When the team asked three radiologists to interpret a mixture of altered and genuine CT scans, they misdiagnosed 99% of the scans that had been altered to add a tumour and 94% of those where cancerous cells were digitally removed.

Even after radiologists were informed about the attack, they were unable to distinguish between the altered and genuine images.

The scans were also checked by an artificial intelligence (AI) algorithm, which could not identify the fake images.

"Our research shows how an attacker can realistically add or remove medical conditions from CT and MRI scans."

Poor cyber protection could lead to ransomware and cyberterrorism attacks on hospital networks. Edited scans like those used in the experiment could be used to commit insurance fraud.

A researcher at the BGU National Cyber Security Research Center Yisroel Mirsky said: “Our research shows how an attacker can realistically add or remove medical conditions from CT and MRI scans.

“In particular, we show how easily an attacker can access a hospital’s network, and then inject or remove lung cancer from a patient’s CT scan.”

According to the team, a hacker would have complete control over the size, location and number of tumours added to the image.
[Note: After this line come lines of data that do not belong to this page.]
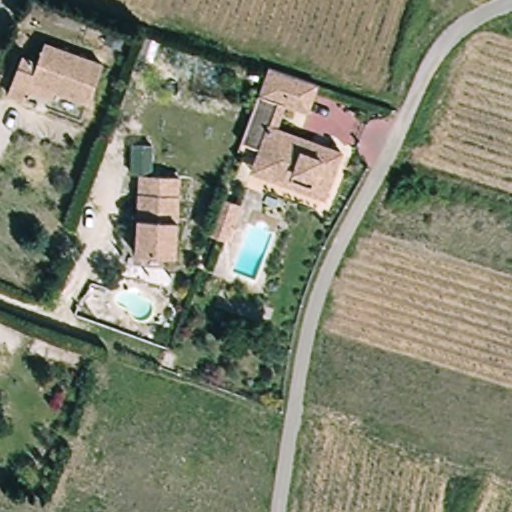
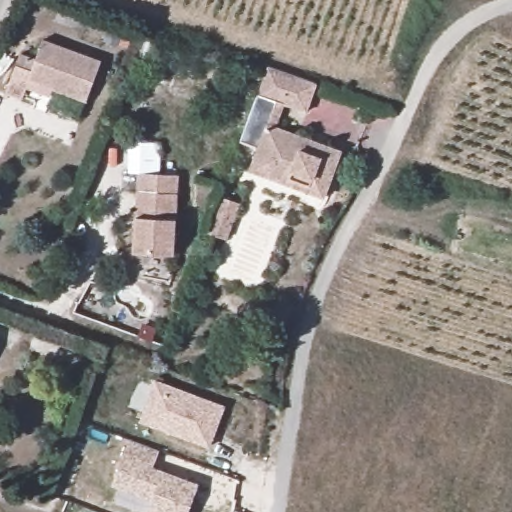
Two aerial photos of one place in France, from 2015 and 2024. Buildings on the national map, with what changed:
unchanged [(29,84),(33,74),(35,67),(22,61),(27,49),(40,55),(47,34),(106,55),(90,99),(59,85),(55,94),(29,84)]
unchanged [(276,177),(256,170),(261,159),(266,145),(247,138),(276,65),(301,73),(323,81),(313,107),(293,102),(286,124),(349,149),(331,199),(317,194),(294,185),(276,177)]
unchanged [(147,164),(187,166),(182,249),(142,247),(147,164)]
unchanged [(225,192),(245,201),(231,239),(210,231),(225,192)]
new [(226,405),(210,448),(140,421),(156,380),(226,405)]
new [(160,453),(154,470),(199,486),(190,512),(150,512),(154,501),(114,487),(129,442),(160,453)]

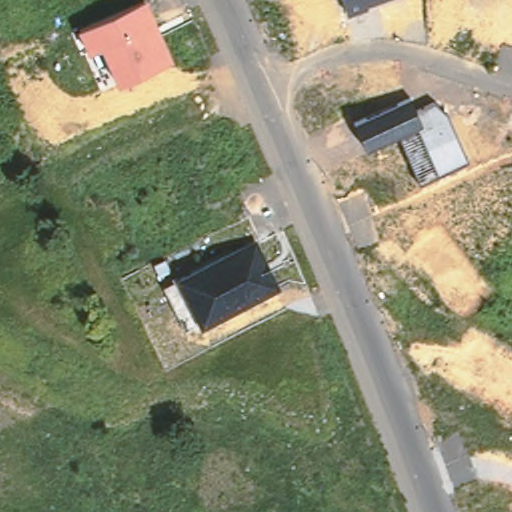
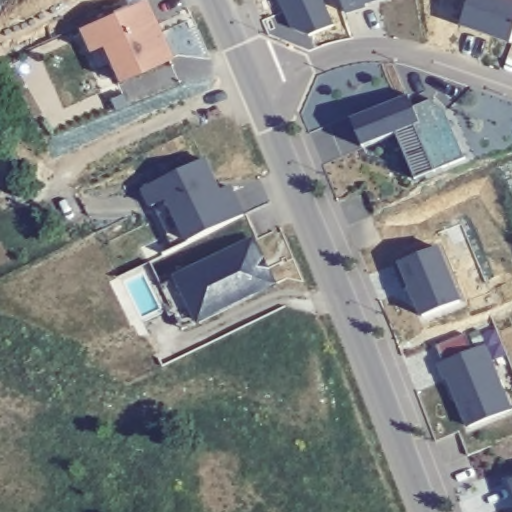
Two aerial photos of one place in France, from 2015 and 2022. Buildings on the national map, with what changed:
unchanged [(146,0),(170,60),(114,85),(99,50),(86,55),(76,30),(144,0),(146,0)]
unchanged [(376,0),(364,4),(365,10),(345,16),(340,0),(376,0)]
new [(459,27),(469,0),(512,0),(512,38),(510,45),(459,27)]
unchanged [(351,120),(410,96),(415,109),(434,101),(447,114),(466,160),(437,173),(415,182),(395,135),(364,149),(351,120)]
new [(222,191),(234,185),(247,215),(188,244),(173,250),(155,207),(150,210),(142,190),(207,159),(222,191)]
unchanged [(255,243),(274,286),(197,321),(177,282),(255,243)]
new [(462,301),(420,318),(409,290),(405,290),(394,263),(399,261),(439,245),(462,301)]
new [(484,347),(512,413),(470,430),(449,380),(447,382),(440,366),(484,347)]
new [(512,478),(512,488),(509,480),(512,478)]

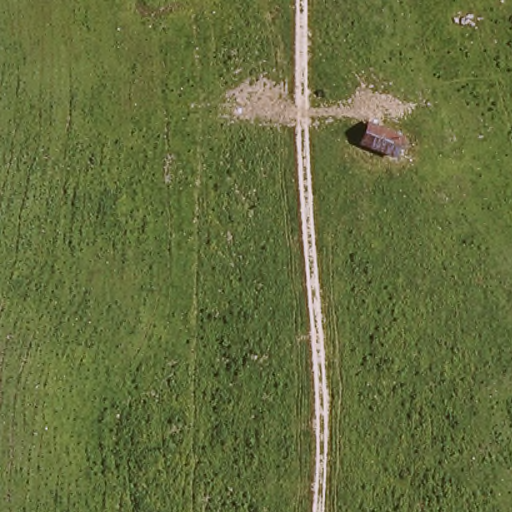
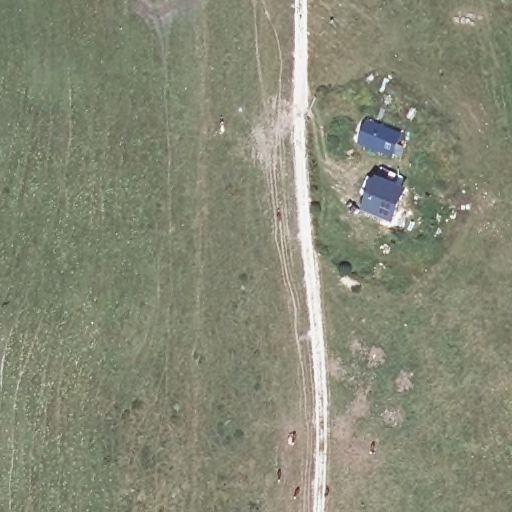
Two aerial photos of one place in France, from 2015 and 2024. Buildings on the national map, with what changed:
unchanged [(365,140),(375,118),(412,133),(399,151),(365,140)]
new [(365,211),(379,176),(410,188),(396,223),(365,211)]

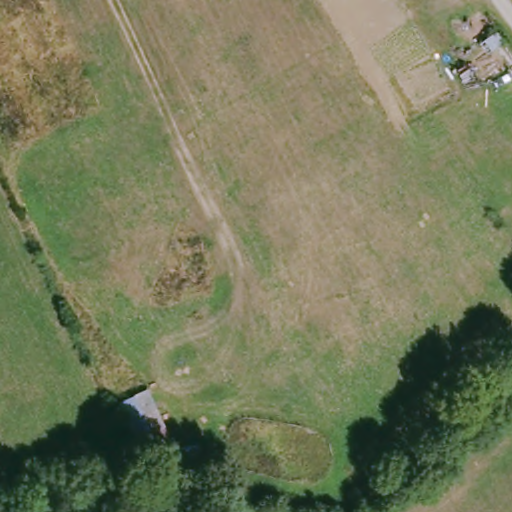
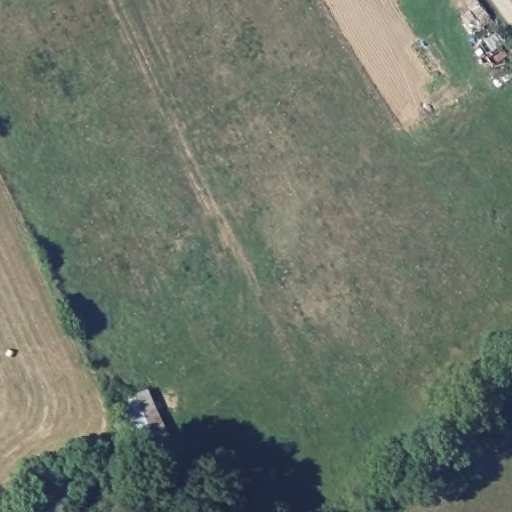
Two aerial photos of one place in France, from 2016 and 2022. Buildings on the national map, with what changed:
unchanged [(158,407),(178,448),(172,451),(178,465),(158,475),(128,422),(158,407)]

Mirsky added: “In addition to the radiologists, we also showed how CT-GAN is an effective adversarial machine-learning attack. Consequently, the state-of-the-art artificial intelligence lung cancer screening tools, used by some radiologists, are also vulnerable to this attack.”

The team said that using encryption between the hospital’s radiology network and using digital signatures to authenticate scans could help cut the risk.